Governo e Congresso ‘dão as mãos para obstruir combate à corrupção’, diz procurador
A estagnação do Brasil na 107ª posição do Índice de Percepção da Corrupção da ONG Transparência Internacional é reflexo de uma “ligação incestuosa” entre o Poder Executivo e o Legislativo para “obstruir o combate à corrupção”.
Essa é a análise de Roberto Livianu, procurador de Justiça do Ministério Público de São paulo e presidente do Instituto Não Aceito Corrupção. “Quando a pauta é esta, não há situação ou oposição“, disse à IstoÉ.
Enquanto Luiz Inácio Lula da Silva (PT) se tornou o presidente da República que mais pagou emendas parlamentares na história, conforme revelou o jornal O Estado de S. Paulo, partidos da oposição se uniram para afrouxar a Lei da Ficha Limpa no Congresso, fazendo com que o período de oito anos de inelegibilidade conte a partir da condenação de um político, e não mais da conclusão da pena.
O procurador não eximiu de responsabilidade o STF (Supremo Tribunal Federal), órgão de cúpula do Judiciário brasileiro. “O Supremo decidiu que só se pode levar à prisão após condenação em quatro instâncias, [enquanto] em todo o mundo ocidental se leva à prisão após a condenação em primeiro ou segundo grau. Nós temos 54 mil autoridades com foto privilegiado e, como se não fosse suficiente, o tribunal estendeu [a prerrogativa de foro] aos ex-mandatários“, afirmou Livianu.
A corte enfrenta uma crise de imagem em razão do afastamento do ministro Dias Toffoli da relatoria do inquérito do Banco Master, provocado pela revelação de relações financeiras e trocas de mensagens do magistrado com Daniel Vorcaro, dono da empresa investigada.
Neste contexto, cresce a pressão da sociedade civil pela adoção de um Código de Conduta que limite as relações institucionais dos membros da corte.
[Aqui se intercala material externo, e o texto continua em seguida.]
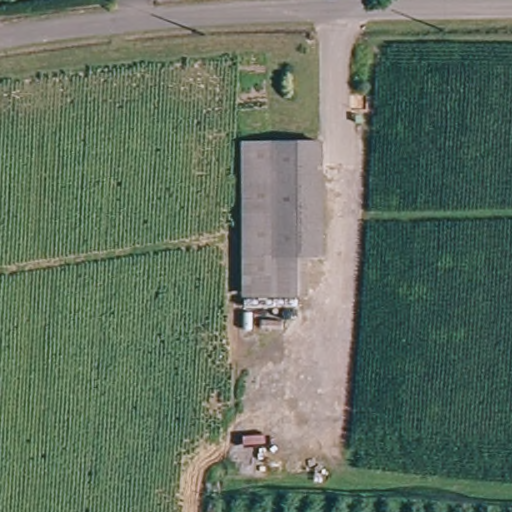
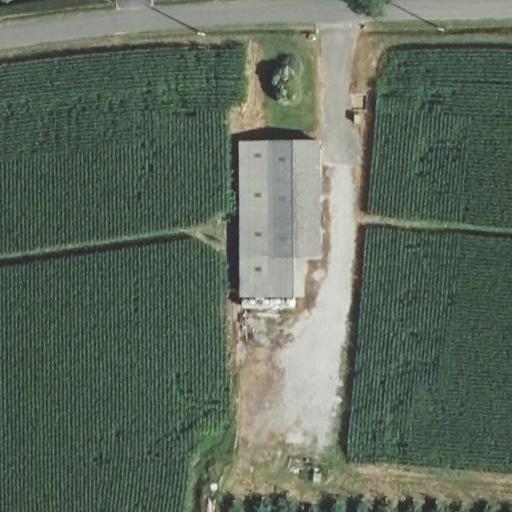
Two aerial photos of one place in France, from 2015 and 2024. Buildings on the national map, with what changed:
unchanged [(244,145),(321,137),(331,250),(308,252),(254,257),(244,145)]
unchanged [(308,252),(311,289),(256,294),(254,257),(308,252)]

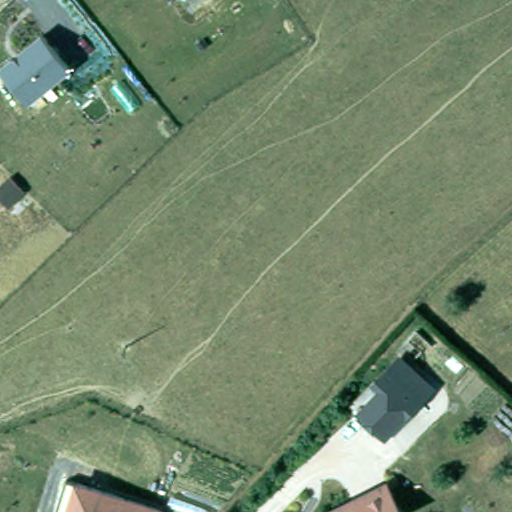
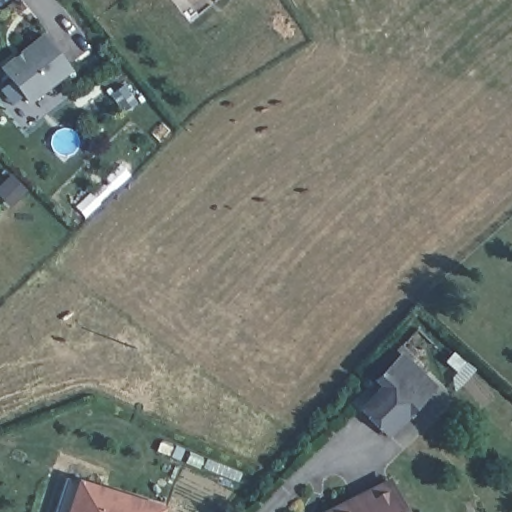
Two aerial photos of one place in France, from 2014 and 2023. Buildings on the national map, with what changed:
unchanged [(27,102),(0,69),(0,62),(40,28),(71,67),(27,102)]
unchanged [(357,407),(378,388),(371,380),(401,353),(437,388),(387,437),(357,407)]
unchanged [(163,512),(56,512),(67,474),(165,505),(163,512)]
unchanged [(404,512),(329,512),(387,482),(404,512)]

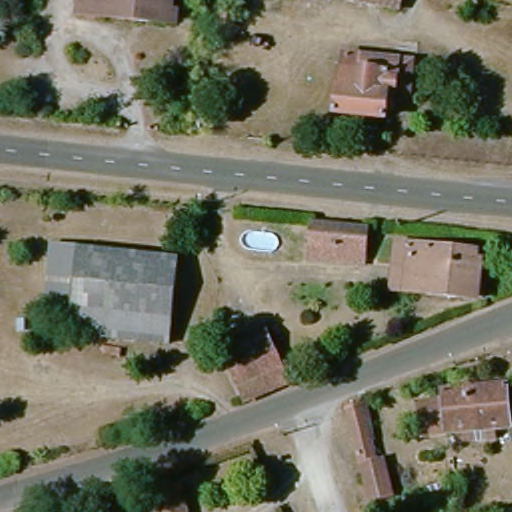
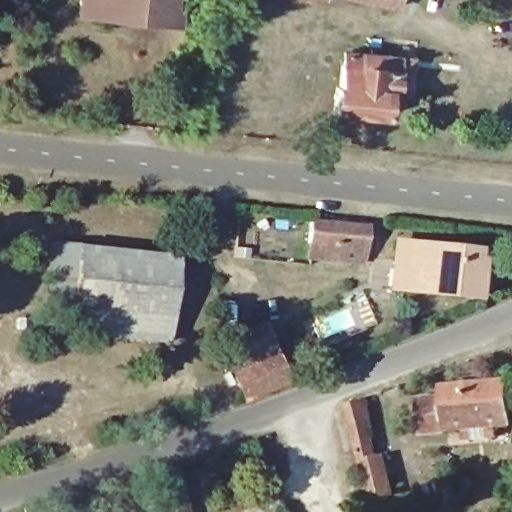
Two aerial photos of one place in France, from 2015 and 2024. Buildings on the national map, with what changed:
unchanged [(84,0),(175,0),(175,10),(175,23),(139,19),(82,11),(84,0)]
unchanged [(359,0),(398,0),(397,6),(359,0)]
unchanged [(386,116),(335,110),(339,90),(342,90),(345,65),(348,65),(349,53),(402,60),(421,64),(420,74),(419,84),(400,80),(400,94),(398,106),(387,105),(386,116)]
unchanged [(355,260),(312,255),(312,241),(306,239),(307,220),(363,225),(362,247),(362,260),(355,260)]
unchanged [(484,280),(482,293),(472,297),(450,294),(449,300),(441,298),(441,292),(407,287),(411,240),(455,246),(455,242),(482,245),(480,258),(479,278),(484,280)]
unchanged [(74,243),(179,255),(171,346),(77,336),(69,336),(71,312),(50,310),(56,241),(74,243)]
unchanged [(231,372),(246,365),(234,334),(258,323),(285,385),(245,401),(231,372)]
unchanged [(450,400),(449,390),(512,387),(512,428),(451,431),(426,432),(424,400),(450,400)]
unchanged [(399,497),(377,504),(368,463),(353,407),(364,401),(365,406),(374,402),(380,422),(375,425),(384,458),(389,457),(399,497)]
unchanged [(165,505),(161,490),(174,486),(185,485),(189,507),(190,512),(151,512),(150,508),(165,505)]

Para Livianu, as regras definidas devem valer para os cinco tribunais superiores brasileiros e “vacinarem” seus magistrados contra conflitos de interesses, convites para eventos luxuosos e caronas em jatinhos de empresários investigados.
Leia a íntegra
IstoÉ Mesmo com a ampla exposição das relações promíscuas entre representantes do Estado e instituições privadas, não há uma força-tarefa dedicada a investigar autoridades ou mobilizações populares contra a corrupção como havia no período precedente à Lava Jato. Como enfrentar esse dilema?
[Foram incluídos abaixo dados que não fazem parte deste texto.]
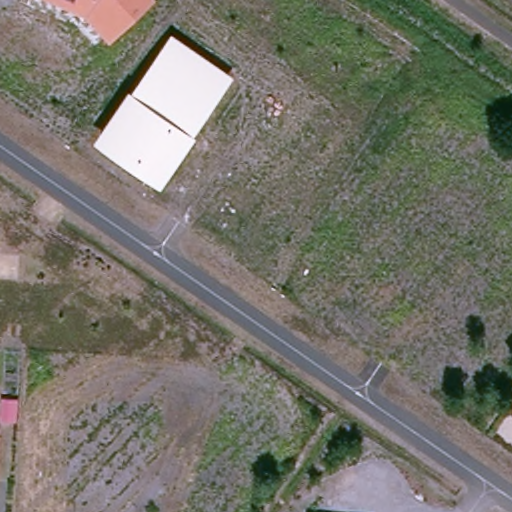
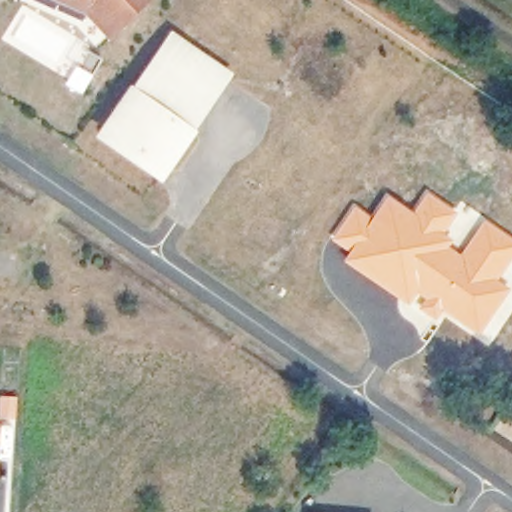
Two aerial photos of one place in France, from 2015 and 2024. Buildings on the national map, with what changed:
unchanged [(85,15),(48,0),(152,0),(110,39),(85,15)]
unchanged [(235,75),(197,134),(164,186),(95,139),(131,88),(174,34),(235,75)]
new [(330,240),(355,205),(371,216),(387,194),(411,211),(426,192),(460,214),(450,229),(452,231),(449,234),(462,248),(484,220),(512,239),(512,261),(500,279),(512,289),(478,338),(442,313),(435,323),(414,310),(420,302),(419,301),(417,298),(410,307),(341,261),(347,252),(330,240)]

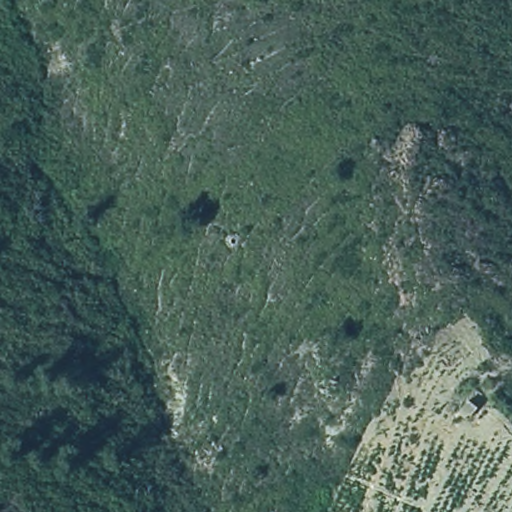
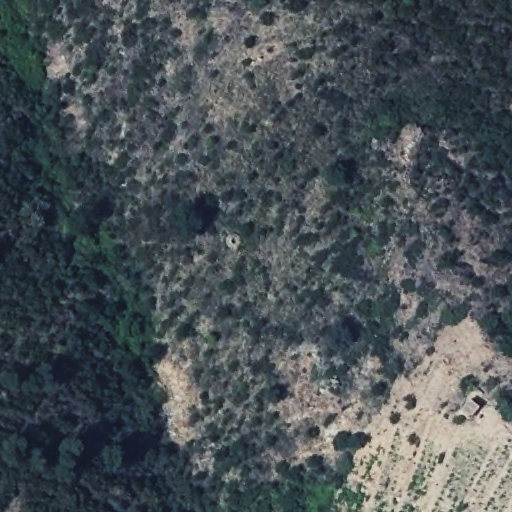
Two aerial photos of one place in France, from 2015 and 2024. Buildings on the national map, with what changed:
unchanged [(479,408),(460,423),(451,412),(470,395),(479,408)]

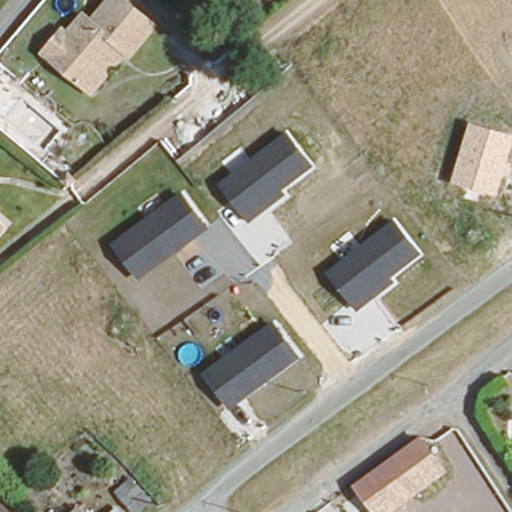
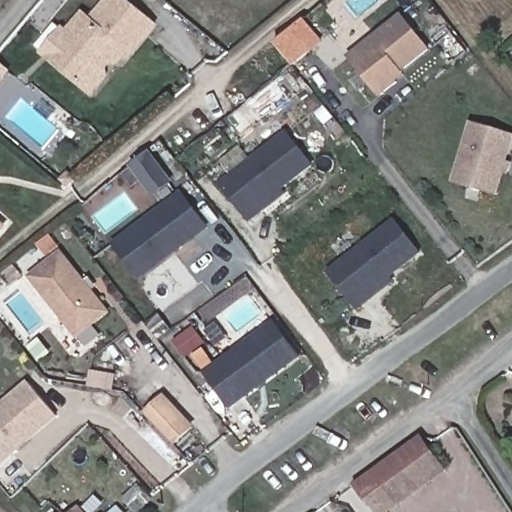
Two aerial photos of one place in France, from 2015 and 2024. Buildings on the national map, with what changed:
unchanged [(109,53),(104,59),(107,67),(89,86),(78,77),(48,49),(40,41),(62,17),(67,21),(87,2),(97,11),(108,0),(142,0),(160,15),(133,42),(121,54),(109,53)]
new [(403,73),(407,77),(380,99),(347,58),(402,15),(432,51),(403,73)]
unchanged [(0,80),(0,72),(4,76),(0,80)]
unchanged [(507,162),(512,163),(512,166),(509,176),(504,174),(498,197),(452,183),(469,122),(512,134),(512,148),(507,162)]
unchanged [(315,167),(283,190),(287,195),(249,224),(217,184),(287,130),(315,167)]
new [(129,169),(151,151),(175,183),(152,199),(129,169)]
unchanged [(210,228),(140,282),(111,243),(182,191),(210,228)]
unchanged [(422,255),(392,277),(396,283),(357,311),(326,271),(394,218),(422,255)]
unchanged [(0,224),(0,223),(1,224),(0,224)]
new [(77,341),(28,278),(64,251),(111,312),(77,341)]
unchanged [(302,358),(230,410),(203,371),(273,320),(302,358)]
new [(0,405),(29,381),(59,418),(0,466),(0,405)]
new [(176,447),(146,414),(165,395),(195,427),(176,447)]
new [(407,453),(425,440),(448,473),(393,512),(370,512),(424,474),(407,453)]
unchanged [(370,512),(369,512),(353,491),(407,453),(424,474),(370,512)]
unchanged [(84,505),(90,512),(73,512),(77,510),(84,505)]

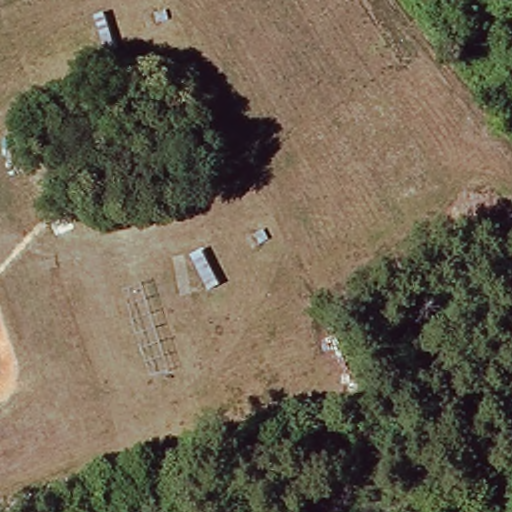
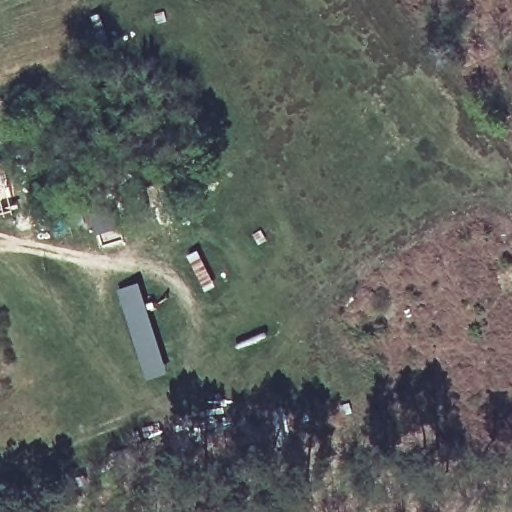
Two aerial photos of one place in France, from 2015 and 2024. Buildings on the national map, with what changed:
new [(119,289),(147,284),(156,347),(164,346),(168,374),(142,379),(119,289)]

Roberto Livianu Vivemos um momento de dificuldade e estagnação do combate à corrupção, e ele começou em 2015. Até 2015, nós tivemos construções legais, leis importantes que foram aprovadas, tivemos a Lei de Acesso à Informação, a Lei de Improbidade Administrativa, a Lei Anticorrupção, a Lei da Delação Premiada, um conjunto de leis que geraram proteção jurídica ao patrimônio público.
Um ano depois do início da Lava Jato, chegaram à Câmara dos Deputados as 10 medidas contra a corrupção, com 2,5 milhões assinaturas. Os parlamentares entenderam que aquilo era uma afronta a eles e, a partir dali começamos a descer a ladeira em matéria de combate à corrupção. Os deputados aprovaram uma nova Lei de Abuso de Autoridade em retaliação a membros da magistratura e do Ministério Público, uma versão sucateada da Lei de Impobridade.
O Executivo e o Legislativo dão as mãos de uma maneira absolutamente natural para obstruir o combate à corrupção; quando a pauta é esta, não há situação ou oposição. Quatro anistias aos partidos foram aprovadas. Quase que se aprovou a PEC da Blindagem, que afrontava a Constituição e pretendia transformar os políticos em seres intocáveis. Isso avançou na Câmara em regime de urgência, sem sequer ser examinado pela Comissão de Constituição e Justiça. No Senado, o grito das ruas brecou esta barbaridade.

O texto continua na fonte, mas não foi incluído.